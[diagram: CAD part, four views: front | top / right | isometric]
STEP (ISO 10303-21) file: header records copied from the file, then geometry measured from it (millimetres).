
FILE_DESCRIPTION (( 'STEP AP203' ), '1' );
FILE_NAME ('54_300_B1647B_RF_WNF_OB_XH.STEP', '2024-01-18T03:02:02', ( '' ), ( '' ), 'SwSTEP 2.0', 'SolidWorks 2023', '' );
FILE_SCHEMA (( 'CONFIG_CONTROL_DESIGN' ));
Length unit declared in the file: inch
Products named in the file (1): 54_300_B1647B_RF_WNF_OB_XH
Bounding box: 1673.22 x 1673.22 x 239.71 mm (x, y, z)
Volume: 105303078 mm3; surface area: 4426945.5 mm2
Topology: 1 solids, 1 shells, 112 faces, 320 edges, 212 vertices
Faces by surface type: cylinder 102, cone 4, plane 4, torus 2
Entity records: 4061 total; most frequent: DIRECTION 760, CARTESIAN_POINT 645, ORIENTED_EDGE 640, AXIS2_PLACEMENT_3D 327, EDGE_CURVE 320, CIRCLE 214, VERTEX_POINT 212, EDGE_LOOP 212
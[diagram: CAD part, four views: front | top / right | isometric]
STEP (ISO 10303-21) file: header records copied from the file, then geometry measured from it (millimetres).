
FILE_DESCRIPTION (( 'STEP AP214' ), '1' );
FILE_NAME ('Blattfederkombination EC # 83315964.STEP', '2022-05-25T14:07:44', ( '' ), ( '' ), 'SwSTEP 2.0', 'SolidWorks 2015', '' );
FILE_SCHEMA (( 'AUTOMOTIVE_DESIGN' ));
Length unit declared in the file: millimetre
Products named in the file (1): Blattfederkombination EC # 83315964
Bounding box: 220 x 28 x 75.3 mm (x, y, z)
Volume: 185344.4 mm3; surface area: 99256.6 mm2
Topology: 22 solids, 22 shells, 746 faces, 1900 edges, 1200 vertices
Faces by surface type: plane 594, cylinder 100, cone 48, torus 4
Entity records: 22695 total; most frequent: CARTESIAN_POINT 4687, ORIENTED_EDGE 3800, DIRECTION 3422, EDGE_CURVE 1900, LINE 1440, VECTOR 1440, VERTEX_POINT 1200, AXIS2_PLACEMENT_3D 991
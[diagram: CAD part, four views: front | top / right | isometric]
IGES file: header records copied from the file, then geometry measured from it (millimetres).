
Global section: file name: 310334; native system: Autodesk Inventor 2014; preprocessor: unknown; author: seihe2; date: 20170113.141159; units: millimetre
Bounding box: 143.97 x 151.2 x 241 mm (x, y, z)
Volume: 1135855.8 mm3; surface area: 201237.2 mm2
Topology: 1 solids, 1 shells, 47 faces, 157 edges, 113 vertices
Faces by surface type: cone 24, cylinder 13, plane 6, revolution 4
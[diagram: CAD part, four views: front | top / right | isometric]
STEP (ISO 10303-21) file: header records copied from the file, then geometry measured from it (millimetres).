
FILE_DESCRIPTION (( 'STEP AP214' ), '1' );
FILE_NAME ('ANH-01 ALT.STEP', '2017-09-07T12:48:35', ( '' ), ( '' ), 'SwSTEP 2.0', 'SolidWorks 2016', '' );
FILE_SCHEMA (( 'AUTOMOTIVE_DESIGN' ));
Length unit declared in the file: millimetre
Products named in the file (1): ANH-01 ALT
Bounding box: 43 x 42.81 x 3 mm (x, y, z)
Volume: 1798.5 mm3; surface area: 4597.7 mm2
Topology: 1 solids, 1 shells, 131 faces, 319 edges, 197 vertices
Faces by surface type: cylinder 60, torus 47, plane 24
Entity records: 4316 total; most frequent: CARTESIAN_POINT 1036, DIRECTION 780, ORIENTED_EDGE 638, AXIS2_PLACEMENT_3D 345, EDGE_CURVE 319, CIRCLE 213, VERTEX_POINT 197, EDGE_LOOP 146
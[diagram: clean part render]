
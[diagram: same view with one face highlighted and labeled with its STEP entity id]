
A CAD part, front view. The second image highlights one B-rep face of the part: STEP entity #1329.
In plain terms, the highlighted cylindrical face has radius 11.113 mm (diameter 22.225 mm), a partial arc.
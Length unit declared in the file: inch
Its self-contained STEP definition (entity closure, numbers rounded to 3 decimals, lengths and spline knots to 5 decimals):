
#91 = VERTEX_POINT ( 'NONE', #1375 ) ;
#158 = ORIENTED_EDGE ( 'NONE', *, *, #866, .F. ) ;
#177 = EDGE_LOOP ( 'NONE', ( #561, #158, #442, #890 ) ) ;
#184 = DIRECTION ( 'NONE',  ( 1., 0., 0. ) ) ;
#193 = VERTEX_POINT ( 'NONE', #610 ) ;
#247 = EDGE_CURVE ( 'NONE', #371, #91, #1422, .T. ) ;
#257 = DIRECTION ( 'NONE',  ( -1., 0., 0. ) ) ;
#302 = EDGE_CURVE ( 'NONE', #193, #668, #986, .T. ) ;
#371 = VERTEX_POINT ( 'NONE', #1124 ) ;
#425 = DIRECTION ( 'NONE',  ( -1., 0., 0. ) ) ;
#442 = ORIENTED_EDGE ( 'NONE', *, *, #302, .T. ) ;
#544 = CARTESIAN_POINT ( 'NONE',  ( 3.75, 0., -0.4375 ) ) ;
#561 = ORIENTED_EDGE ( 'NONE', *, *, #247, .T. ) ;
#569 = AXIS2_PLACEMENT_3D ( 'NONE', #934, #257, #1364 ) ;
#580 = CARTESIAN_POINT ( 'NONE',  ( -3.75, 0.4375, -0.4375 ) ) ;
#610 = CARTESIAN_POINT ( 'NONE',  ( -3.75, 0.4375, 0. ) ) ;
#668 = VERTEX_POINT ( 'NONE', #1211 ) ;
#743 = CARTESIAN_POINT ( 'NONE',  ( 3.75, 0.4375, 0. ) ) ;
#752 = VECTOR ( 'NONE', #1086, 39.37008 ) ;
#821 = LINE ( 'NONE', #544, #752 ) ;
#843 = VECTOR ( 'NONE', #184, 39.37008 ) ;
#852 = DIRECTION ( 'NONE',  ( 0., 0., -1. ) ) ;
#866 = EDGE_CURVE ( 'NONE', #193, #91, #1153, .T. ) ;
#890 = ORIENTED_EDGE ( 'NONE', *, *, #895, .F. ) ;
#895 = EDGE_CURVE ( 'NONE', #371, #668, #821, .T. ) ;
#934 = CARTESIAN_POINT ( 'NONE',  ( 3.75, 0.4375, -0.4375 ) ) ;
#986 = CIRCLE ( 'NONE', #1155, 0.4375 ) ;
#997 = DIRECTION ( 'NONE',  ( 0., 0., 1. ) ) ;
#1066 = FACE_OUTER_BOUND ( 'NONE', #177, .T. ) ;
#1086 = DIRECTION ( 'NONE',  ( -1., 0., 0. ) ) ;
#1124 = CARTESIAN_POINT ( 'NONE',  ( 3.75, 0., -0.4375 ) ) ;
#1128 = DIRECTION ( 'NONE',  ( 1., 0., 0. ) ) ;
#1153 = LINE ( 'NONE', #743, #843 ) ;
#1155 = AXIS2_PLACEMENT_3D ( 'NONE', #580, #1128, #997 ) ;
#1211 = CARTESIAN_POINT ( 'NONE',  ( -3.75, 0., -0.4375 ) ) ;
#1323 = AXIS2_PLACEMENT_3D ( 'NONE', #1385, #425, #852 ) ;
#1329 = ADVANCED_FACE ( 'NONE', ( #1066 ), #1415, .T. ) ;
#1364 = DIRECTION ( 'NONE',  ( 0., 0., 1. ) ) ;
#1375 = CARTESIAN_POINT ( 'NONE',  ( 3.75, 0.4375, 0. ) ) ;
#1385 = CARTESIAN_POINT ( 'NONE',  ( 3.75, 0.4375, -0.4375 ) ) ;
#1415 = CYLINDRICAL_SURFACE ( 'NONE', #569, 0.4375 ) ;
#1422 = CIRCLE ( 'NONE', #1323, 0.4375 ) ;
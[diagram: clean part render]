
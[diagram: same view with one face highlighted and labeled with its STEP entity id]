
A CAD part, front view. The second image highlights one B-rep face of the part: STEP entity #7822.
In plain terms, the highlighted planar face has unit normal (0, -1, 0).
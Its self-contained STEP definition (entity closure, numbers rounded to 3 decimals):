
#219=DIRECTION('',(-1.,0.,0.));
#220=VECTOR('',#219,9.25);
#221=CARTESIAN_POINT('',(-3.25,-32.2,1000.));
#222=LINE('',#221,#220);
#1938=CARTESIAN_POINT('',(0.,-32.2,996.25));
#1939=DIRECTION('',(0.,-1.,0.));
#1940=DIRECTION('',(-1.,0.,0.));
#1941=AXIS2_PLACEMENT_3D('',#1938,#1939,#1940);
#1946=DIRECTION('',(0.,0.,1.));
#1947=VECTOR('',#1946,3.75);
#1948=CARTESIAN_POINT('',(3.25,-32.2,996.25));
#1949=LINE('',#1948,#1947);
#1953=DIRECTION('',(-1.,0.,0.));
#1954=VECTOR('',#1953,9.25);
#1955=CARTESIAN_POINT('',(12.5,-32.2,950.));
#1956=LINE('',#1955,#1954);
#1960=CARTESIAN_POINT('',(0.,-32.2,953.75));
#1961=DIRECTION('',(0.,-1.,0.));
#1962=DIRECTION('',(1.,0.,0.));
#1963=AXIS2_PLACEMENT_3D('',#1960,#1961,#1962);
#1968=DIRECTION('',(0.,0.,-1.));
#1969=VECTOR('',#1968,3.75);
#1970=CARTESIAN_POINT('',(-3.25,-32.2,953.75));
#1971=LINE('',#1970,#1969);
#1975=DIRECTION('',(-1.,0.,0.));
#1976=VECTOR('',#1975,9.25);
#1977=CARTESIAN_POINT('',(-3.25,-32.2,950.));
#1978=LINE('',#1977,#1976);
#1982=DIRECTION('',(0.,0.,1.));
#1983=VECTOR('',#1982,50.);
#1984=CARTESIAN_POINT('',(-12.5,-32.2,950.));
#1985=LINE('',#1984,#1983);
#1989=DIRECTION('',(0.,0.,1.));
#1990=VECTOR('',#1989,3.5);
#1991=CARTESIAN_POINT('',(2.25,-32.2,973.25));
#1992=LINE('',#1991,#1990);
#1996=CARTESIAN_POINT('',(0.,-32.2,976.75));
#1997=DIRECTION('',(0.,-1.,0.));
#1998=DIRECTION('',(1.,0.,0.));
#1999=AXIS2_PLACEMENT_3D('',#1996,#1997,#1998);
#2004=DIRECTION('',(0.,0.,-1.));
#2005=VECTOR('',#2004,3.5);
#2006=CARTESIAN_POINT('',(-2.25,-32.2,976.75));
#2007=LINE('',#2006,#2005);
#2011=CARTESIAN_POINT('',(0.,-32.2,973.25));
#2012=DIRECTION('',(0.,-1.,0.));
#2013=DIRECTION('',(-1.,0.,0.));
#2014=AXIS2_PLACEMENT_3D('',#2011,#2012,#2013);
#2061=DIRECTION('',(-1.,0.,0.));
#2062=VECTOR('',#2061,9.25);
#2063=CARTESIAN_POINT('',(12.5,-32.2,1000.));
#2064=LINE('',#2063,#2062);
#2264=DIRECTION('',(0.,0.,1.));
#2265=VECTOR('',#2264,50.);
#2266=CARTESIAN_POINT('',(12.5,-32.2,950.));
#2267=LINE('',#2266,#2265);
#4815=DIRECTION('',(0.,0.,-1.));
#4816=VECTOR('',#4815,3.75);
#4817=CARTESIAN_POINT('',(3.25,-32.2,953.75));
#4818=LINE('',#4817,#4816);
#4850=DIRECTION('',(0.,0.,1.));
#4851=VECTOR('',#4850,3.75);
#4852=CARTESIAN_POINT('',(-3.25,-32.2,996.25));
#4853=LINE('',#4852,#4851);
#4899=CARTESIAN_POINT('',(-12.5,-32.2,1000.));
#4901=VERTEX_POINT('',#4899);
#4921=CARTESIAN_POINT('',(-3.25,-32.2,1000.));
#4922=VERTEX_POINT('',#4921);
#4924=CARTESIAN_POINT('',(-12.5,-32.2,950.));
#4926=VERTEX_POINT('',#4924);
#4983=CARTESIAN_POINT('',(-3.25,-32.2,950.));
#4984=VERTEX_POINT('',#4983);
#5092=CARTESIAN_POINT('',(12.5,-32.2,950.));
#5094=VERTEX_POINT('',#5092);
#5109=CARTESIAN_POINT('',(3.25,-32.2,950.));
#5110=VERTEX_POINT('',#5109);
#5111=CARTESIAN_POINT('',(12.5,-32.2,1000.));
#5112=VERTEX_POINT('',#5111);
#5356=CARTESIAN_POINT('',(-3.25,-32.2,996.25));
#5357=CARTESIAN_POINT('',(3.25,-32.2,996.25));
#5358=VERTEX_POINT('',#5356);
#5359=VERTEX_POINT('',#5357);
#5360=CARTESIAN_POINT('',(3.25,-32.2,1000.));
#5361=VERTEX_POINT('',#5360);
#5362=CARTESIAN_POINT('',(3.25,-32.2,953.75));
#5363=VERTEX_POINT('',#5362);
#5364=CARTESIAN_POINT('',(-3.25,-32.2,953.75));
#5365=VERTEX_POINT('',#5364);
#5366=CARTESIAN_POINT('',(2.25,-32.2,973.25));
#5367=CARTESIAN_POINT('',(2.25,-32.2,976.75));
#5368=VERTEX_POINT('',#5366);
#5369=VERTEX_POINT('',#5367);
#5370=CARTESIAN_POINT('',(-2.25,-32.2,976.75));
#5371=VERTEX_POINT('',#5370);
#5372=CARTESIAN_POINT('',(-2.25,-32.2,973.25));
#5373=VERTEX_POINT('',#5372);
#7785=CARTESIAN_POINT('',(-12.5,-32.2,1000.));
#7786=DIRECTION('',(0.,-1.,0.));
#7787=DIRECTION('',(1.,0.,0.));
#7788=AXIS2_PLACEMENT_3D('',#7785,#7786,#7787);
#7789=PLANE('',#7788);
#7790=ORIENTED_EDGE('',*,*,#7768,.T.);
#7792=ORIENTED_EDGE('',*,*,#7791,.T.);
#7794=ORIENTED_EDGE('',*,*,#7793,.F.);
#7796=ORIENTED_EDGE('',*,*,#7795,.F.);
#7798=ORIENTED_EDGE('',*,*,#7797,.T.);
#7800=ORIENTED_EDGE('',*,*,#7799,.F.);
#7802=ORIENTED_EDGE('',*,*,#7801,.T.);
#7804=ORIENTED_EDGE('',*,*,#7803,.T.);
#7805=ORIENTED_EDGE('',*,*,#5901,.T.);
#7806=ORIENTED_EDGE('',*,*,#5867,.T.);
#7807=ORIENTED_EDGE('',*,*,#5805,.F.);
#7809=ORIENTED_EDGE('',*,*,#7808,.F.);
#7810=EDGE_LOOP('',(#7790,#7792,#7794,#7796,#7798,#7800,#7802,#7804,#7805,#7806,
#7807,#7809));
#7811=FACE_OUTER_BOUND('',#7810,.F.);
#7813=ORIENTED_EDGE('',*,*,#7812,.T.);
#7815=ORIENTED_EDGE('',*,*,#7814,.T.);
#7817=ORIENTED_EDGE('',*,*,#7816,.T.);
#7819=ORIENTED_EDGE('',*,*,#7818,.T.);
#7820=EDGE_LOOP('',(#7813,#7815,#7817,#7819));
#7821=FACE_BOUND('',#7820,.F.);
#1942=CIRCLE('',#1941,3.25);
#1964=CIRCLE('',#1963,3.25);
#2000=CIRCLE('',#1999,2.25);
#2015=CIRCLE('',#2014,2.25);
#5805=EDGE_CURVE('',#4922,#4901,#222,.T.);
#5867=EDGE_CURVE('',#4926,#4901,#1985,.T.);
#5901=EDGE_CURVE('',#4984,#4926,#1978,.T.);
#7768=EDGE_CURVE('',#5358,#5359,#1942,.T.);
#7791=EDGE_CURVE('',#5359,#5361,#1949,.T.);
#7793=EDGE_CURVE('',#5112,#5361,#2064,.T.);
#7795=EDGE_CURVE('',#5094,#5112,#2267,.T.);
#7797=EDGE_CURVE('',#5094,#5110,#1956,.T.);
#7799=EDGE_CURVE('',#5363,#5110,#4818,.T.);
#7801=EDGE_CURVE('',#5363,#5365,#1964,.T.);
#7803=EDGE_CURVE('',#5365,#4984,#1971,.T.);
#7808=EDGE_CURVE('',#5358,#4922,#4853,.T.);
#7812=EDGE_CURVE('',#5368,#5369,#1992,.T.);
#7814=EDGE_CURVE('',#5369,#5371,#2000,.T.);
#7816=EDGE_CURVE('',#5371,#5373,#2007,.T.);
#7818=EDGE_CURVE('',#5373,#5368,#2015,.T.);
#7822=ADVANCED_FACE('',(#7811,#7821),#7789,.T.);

☆ ☆ ☆

_WHAT TO DO_
Would you output, from the records above, exactly the run of lines that starts at the line containing "#1963=AXIS2_PLACEMENT_3D('',#1960,#1961,#1962);" and ends at the line containing "#2014=AXIS2_PLACEMENT_3D('',#2011,#2012,#2013);", and only that run?

_EXERCISE RESPONSE_
#1963=AXIS2_PLACEMENT_3D('',#1960,#1961,#1962);
#1968=DIRECTION('',(0.,0.,-1.));
#1969=VECTOR('',#1968,3.75);
#1970=CARTESIAN_POINT('',(-3.25,-32.2,953.75));
#1971=LINE('',#1970,#1969);
#1975=DIRECTION('',(-1.,0.,0.));
#1976=VECTOR('',#1975,9.25);
#1977=CARTESIAN_POINT('',(-3.25,-32.2,950.));
#1978=LINE('',#1977,#1976);
#1982=DIRECTION('',(0.,0.,1.));
#1983=VECTOR('',#1982,50.);
#1984=CARTESIAN_POINT('',(-12.5,-32.2,950.));
#1985=LINE('',#1984,#1983);
#1989=DIRECTION('',(0.,0.,1.));
#1990=VECTOR('',#1989,3.5);
#1991=CARTESIAN_POINT('',(2.25,-32.2,973.25));
#1992=LINE('',#1991,#1990);
#1996=CARTESIAN_POINT('',(0.,-32.2,976.75));
#1997=DIRECTION('',(0.,-1.,0.));
#1998=DIRECTION('',(1.,0.,0.));
#1999=AXIS2_PLACEMENT_3D('',#1996,#1997,#1998);
#2004=DIRECTION('',(0.,0.,-1.));
#2005=VECTOR('',#2004,3.5);
#2006=CARTESIAN_POINT('',(-2.25,-32.2,976.75));
#2007=LINE('',#2006,#2005);
#2011=CARTESIAN_POINT('',(0.,-32.2,973.25));
#2012=DIRECTION('',(0.,-1.,0.));
#2013=DIRECTION('',(-1.,0.,0.));
#2014=AXIS2_PLACEMENT_3D('',#2011,#2012,#2013);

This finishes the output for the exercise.